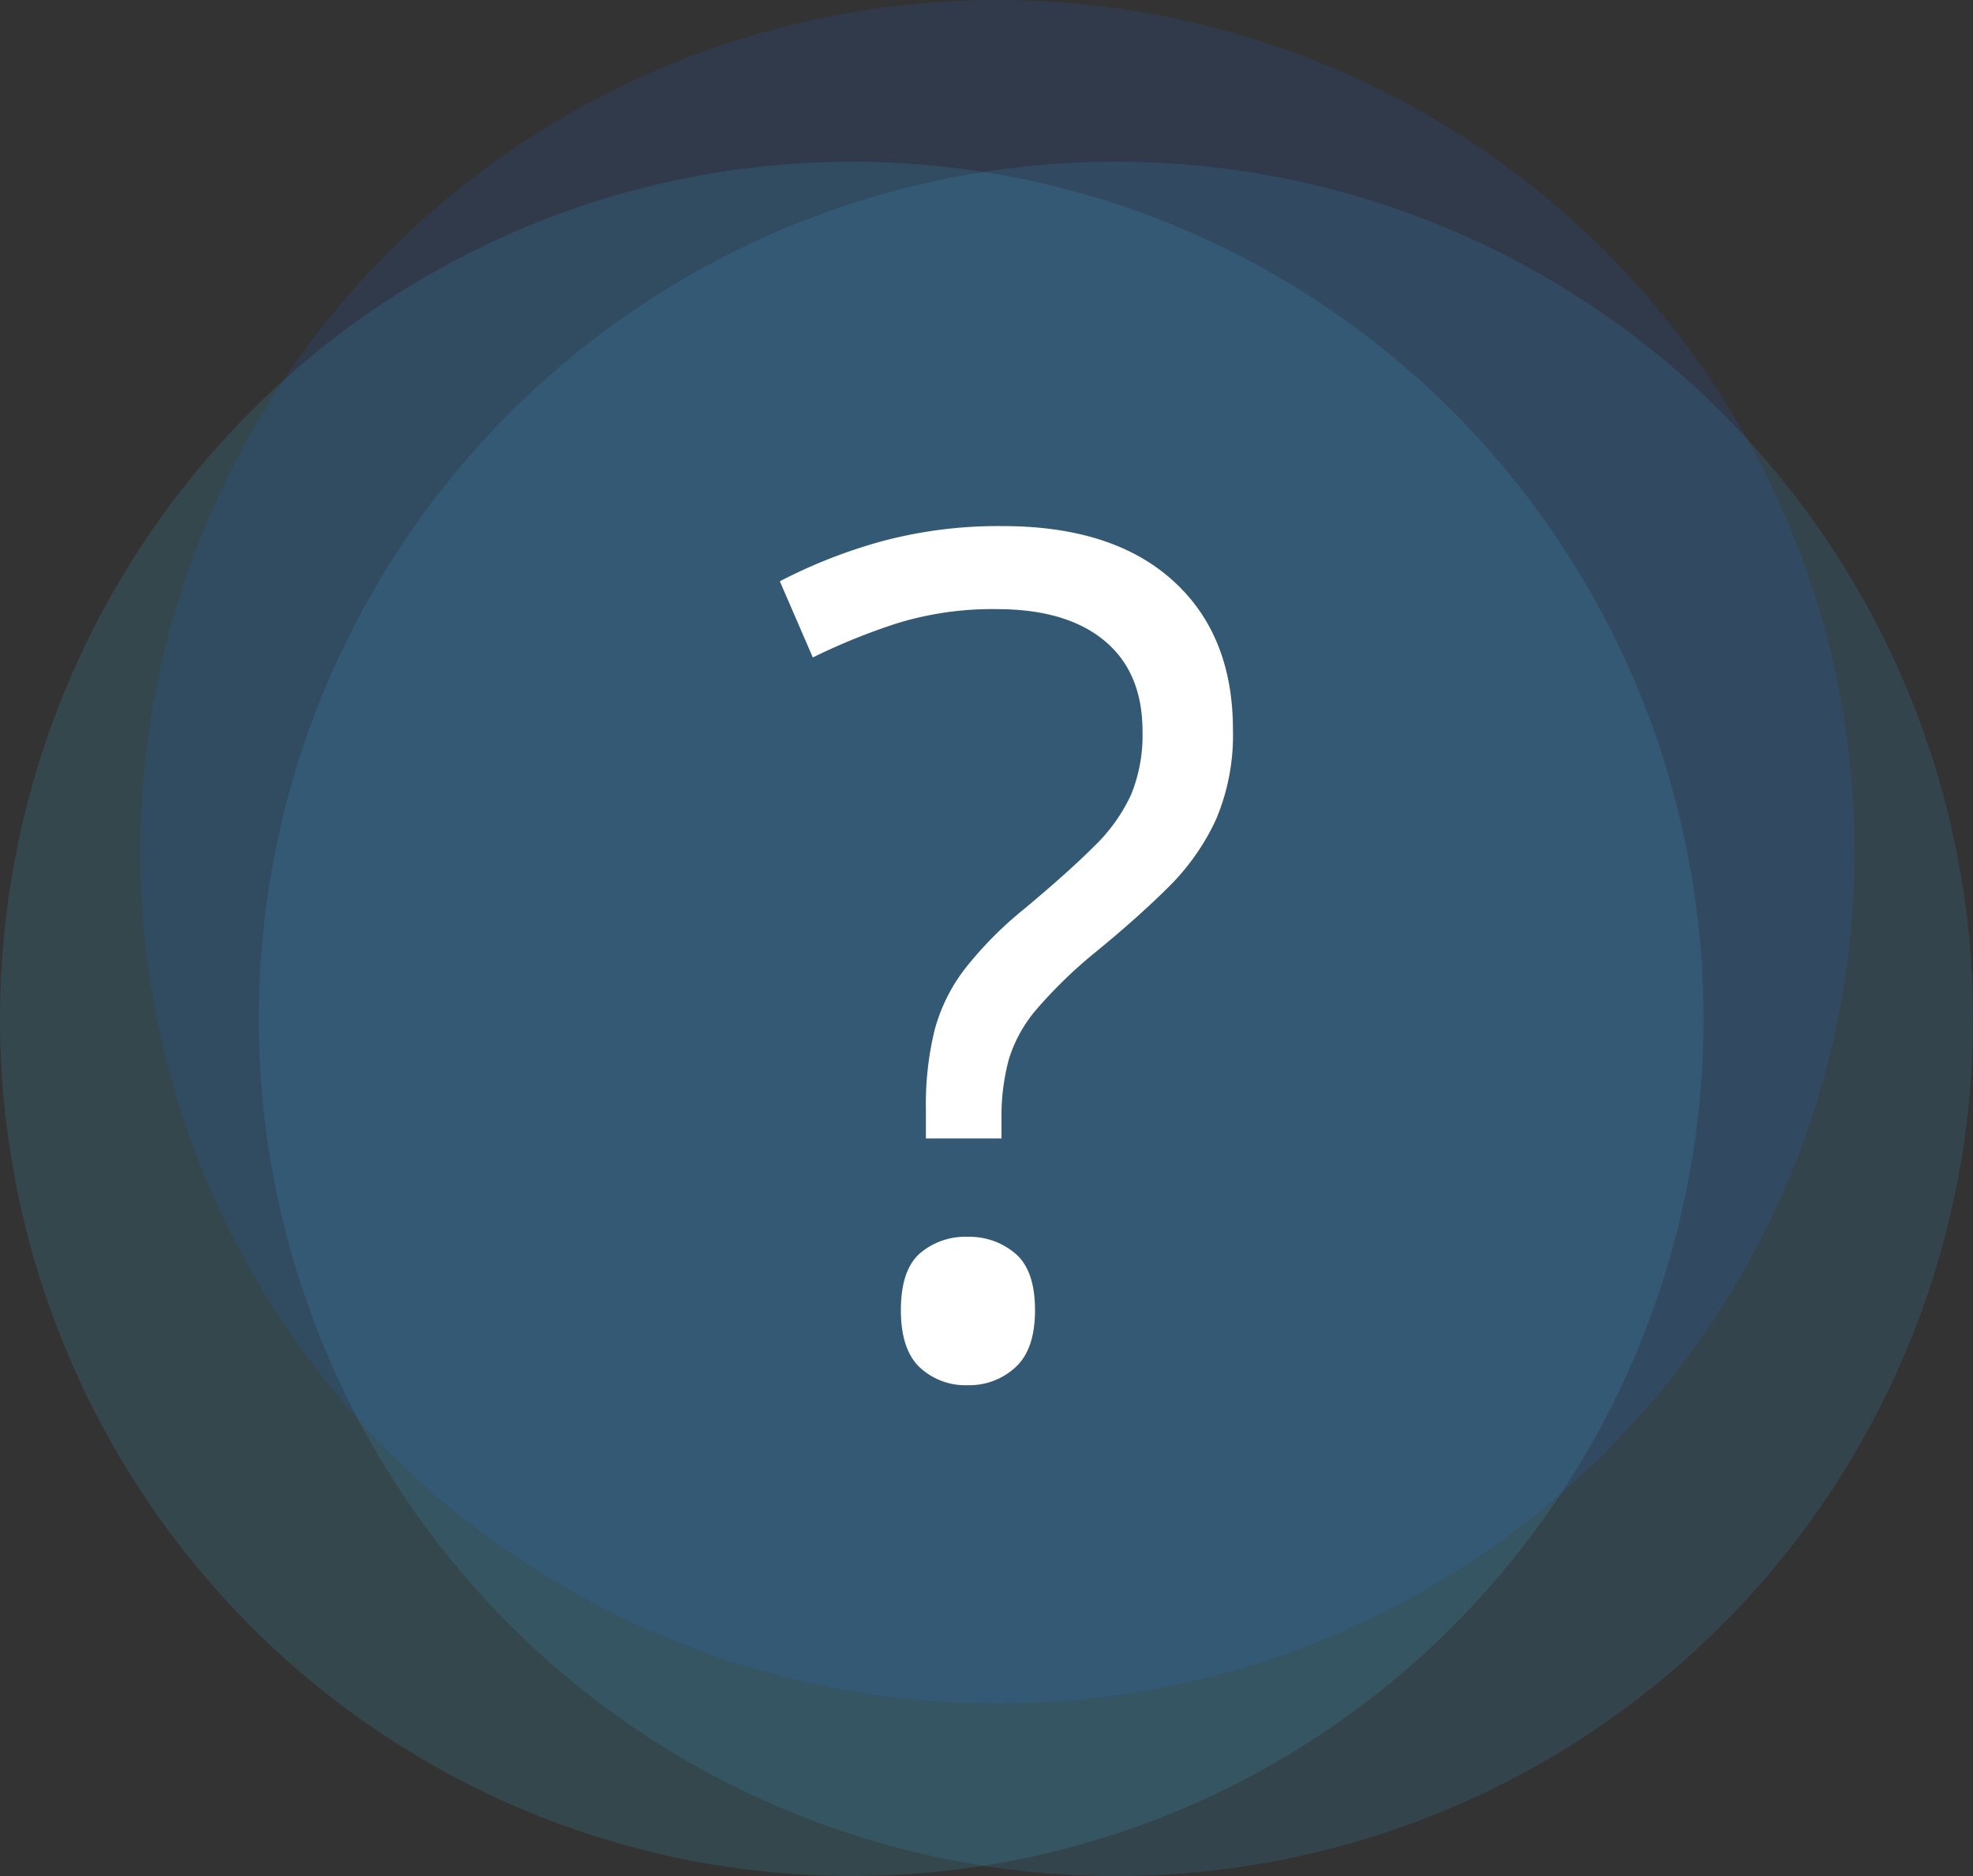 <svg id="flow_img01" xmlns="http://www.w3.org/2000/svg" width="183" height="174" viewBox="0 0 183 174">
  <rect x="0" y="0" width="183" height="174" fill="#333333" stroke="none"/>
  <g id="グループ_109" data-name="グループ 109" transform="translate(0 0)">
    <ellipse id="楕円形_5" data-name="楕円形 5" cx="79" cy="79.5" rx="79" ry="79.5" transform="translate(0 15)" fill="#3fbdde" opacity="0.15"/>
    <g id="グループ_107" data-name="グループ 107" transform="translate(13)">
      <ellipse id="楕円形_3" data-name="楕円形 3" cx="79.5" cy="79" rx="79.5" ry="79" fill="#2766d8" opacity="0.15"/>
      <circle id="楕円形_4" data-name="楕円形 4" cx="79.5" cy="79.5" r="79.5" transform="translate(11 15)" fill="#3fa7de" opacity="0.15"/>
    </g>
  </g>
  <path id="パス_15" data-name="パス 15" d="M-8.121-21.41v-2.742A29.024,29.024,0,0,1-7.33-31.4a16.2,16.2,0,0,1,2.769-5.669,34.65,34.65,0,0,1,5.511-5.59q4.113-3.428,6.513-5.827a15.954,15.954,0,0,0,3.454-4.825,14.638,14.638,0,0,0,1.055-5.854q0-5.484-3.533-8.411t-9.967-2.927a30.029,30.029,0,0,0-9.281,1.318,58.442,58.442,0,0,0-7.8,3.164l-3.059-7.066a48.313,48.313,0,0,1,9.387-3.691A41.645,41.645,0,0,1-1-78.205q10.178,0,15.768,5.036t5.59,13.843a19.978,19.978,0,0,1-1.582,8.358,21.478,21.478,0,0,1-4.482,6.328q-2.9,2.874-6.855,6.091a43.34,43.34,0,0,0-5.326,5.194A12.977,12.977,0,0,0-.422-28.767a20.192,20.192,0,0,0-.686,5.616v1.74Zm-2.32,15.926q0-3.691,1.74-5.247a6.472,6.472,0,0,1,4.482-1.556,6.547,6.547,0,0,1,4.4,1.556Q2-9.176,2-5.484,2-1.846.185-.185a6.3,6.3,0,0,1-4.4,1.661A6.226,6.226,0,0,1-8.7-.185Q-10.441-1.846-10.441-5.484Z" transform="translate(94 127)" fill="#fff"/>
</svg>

****************

▸ **TASK OBJECTIVE**:
Lines in the data that hold "ellipse" are to be counted, and the number alone reported.

▸ **SOLUTION TO THIS EXERCISE**:
2